### WHAT YOU SHOULD DO
Nothing in the data may be altered; copy it all exactly.

### Stored records
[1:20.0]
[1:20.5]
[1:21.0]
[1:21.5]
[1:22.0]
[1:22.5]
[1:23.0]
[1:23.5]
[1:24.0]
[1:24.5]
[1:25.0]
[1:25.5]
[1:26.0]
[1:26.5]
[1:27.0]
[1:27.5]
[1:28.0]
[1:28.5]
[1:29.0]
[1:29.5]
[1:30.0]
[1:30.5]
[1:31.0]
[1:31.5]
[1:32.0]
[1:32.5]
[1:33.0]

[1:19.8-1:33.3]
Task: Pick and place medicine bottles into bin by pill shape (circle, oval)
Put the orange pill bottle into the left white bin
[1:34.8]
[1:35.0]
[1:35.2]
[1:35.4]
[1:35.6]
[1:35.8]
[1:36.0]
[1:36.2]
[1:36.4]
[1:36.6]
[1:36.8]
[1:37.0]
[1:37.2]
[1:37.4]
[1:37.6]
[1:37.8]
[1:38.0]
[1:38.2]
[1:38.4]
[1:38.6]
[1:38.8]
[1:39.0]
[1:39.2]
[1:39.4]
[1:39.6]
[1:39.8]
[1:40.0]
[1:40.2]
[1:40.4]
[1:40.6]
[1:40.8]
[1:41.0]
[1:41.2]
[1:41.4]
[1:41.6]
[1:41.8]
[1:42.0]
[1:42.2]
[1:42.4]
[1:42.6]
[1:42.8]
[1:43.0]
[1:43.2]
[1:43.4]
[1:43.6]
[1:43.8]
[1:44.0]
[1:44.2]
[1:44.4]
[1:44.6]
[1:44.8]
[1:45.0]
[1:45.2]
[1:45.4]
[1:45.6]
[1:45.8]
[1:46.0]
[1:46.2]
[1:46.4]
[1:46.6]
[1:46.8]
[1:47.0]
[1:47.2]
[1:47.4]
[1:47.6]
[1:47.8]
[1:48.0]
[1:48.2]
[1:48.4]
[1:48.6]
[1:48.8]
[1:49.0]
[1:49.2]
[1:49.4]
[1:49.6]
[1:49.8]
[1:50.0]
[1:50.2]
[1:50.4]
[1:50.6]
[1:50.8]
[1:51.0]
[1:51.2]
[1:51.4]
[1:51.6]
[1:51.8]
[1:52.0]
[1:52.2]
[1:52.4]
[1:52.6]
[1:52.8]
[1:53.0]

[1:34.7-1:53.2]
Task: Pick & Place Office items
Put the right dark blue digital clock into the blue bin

### SOLUTION FOR THIS EXERCISE
[1:20.0]
[1:20.5]
[1:21.0]
[1:21.5]
[1:22.0]
[1:22.5]
[1:23.0]
[1:23.5]
[1:24.0]
[1:24.5]
[1:25.0]
[1:25.5]
[1:26.0]
[1:26.5]
[1:27.0]
[1:27.5]
[1:28.0]
[1:28.5]
[1:29.0]
[1:29.5]
[1:30.0]
[1:30.5]
[1:31.0]
[1:31.5]
[1:32.0]
[1:32.5]
[1:33.0]

[1:19.8-1:33.3]
Task: Pick and place medicine bottles into bin by pill shape (circle, oval)
Put the orange pill bottle into the left white bin
[1:34.8]
[1:35.0]
[1:35.2]
[1:35.4]
[1:35.6]
[1:35.8]
[1:36.0]
[1:36.2]
[1:36.4]
[1:36.6]
[1:36.8]
[1:37.0]
[1:37.2]
[1:37.4]
[1:37.6]
[1:37.8]
[1:38.0]
[1:38.2]
[1:38.4]
[1:38.6]
[1:38.8]
[1:39.0]
[1:39.2]
[1:39.4]
[1:39.6]
[1:39.8]
[1:40.0]
[1:40.2]
[1:40.4]
[1:40.6]
[1:40.8]
[1:41.0]
[1:41.2]
[1:41.4]
[1:41.6]
[1:41.8]
[1:42.0]
[1:42.2]
[1:42.4]
[1:42.6]
[1:42.8]
[1:43.0]
[1:43.2]
[1:43.4]
[1:43.6]
[1:43.8]
[1:44.0]
[1:44.2]
[1:44.4]
[1:44.6]
[1:44.8]
[1:45.0]
[1:45.2]
[1:45.4]
[1:45.6]
[1:45.8]
[1:46.0]
[1:46.2]
[1:46.4]
[1:46.6]
[1:46.8]
[1:47.0]
[1:47.2]
[1:47.4]
[1:47.6]
[1:47.8]
[1:48.0]
[1:48.2]
[1:48.4]
[1:48.6]
[1:48.8]
[1:49.0]
[1:49.2]
[1:49.4]
[1:49.6]
[1:49.8]
[1:50.0]
[1:50.2]
[1:50.4]
[1:50.6]
[1:50.8]
[1:51.0]
[1:51.2]
[1:51.4]
[1:51.6]
[1:51.8]
[1:52.0]
[1:52.2]
[1:52.4]
[1:52.6]
[1:52.8]
[1:53.0]

[1:34.7-1:53.2]
Task: Pick & Place Office items
Put the right dark blue digital clock into the blue bin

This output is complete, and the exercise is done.